--- EXERCISE INPUTS ---

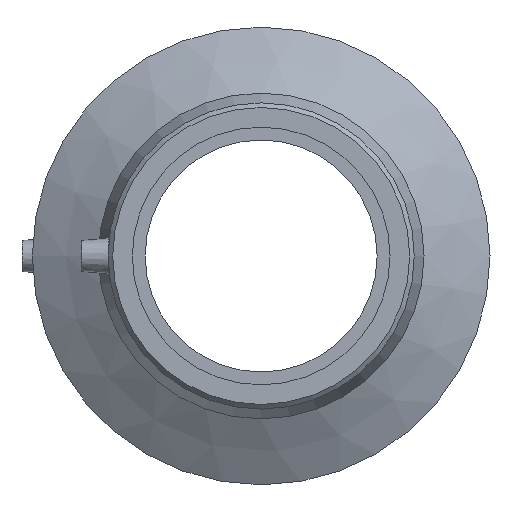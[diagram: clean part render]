
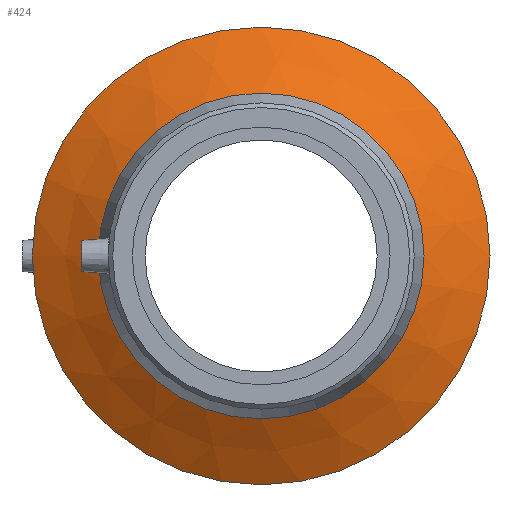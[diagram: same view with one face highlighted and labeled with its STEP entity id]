
A CAD part, left-side view. The second image highlights one B-rep face of the part: STEP entity #424.
In plain terms, the highlighted conical face has half-angle 60 degrees and reference radius 95 mm.
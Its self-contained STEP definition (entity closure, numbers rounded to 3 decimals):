
#22=CONICAL_SURFACE('',#483,95.,60.);
#47=FACE_BOUND('',#160,.T.);
#102=FACE_OUTER_BOUND('',#159,.T.);
#159=EDGE_LOOP('',(#352));
#160=EDGE_LOOP('',(#353));
#217=CIRCLE('',#482,79.);
#218=CIRCLE('',#484,111.);
#256=VERTEX_POINT('',#800);
#257=VERTEX_POINT('',#803);
#295=EDGE_CURVE('',#256,#256,#217,.T.);
#296=EDGE_CURVE('',#257,#257,#218,.T.);
#352=ORIENTED_EDGE('',*,*,#295,.T.);
#353=ORIENTED_EDGE('',*,*,#296,.F.);
#424=ADVANCED_FACE('',(#102,#47),#22,.T.);
#482=AXIS2_PLACEMENT_3D('',#801,#596,#597);
#483=AXIS2_PLACEMENT_3D('',#802,#598,#599);
#484=AXIS2_PLACEMENT_3D('',#804,#600,#601);
#596=DIRECTION('center_axis',(1.,0.,0.));
#597=DIRECTION('ref_axis',(0.,0.,-1.));
#598=DIRECTION('center_axis',(1.,0.,0.));
#599=DIRECTION('ref_axis',(0.,1.,0.));
#600=DIRECTION('center_axis',(1.,0.,0.));
#601=DIRECTION('ref_axis',(0.,0.,-1.));
#800=CARTESIAN_POINT('',(-21.,79.,0.));
#801=CARTESIAN_POINT('Origin',(-21.,0.,0.));
#802=CARTESIAN_POINT('Origin',(-11.762,0.,0.));
#803=CARTESIAN_POINT('',(-2.525,111.,0.));
#804=CARTESIAN_POINT('Origin',(-2.525,0.,0.));

---

-- WHAT YOU NEED TO DO --
Going down the listing above, begin printing at the line with "#256=VERTEX_POINT('',#800);" and finish with the line with "#482=AXIS2_PLACEMENT_3D('',#801,#596,#597);", exactly as they appear.

-- SOLUTION --
#256=VERTEX_POINT('',#800);
#257=VERTEX_POINT('',#803);
#295=EDGE_CURVE('',#256,#256,#217,.T.);
#296=EDGE_CURVE('',#257,#257,#218,.T.);
#352=ORIENTED_EDGE('',*,*,#295,.T.);
#353=ORIENTED_EDGE('',*,*,#296,.F.);
#424=ADVANCED_FACE('',(#102,#47),#22,.T.);
#482=AXIS2_PLACEMENT_3D('',#801,#596,#597);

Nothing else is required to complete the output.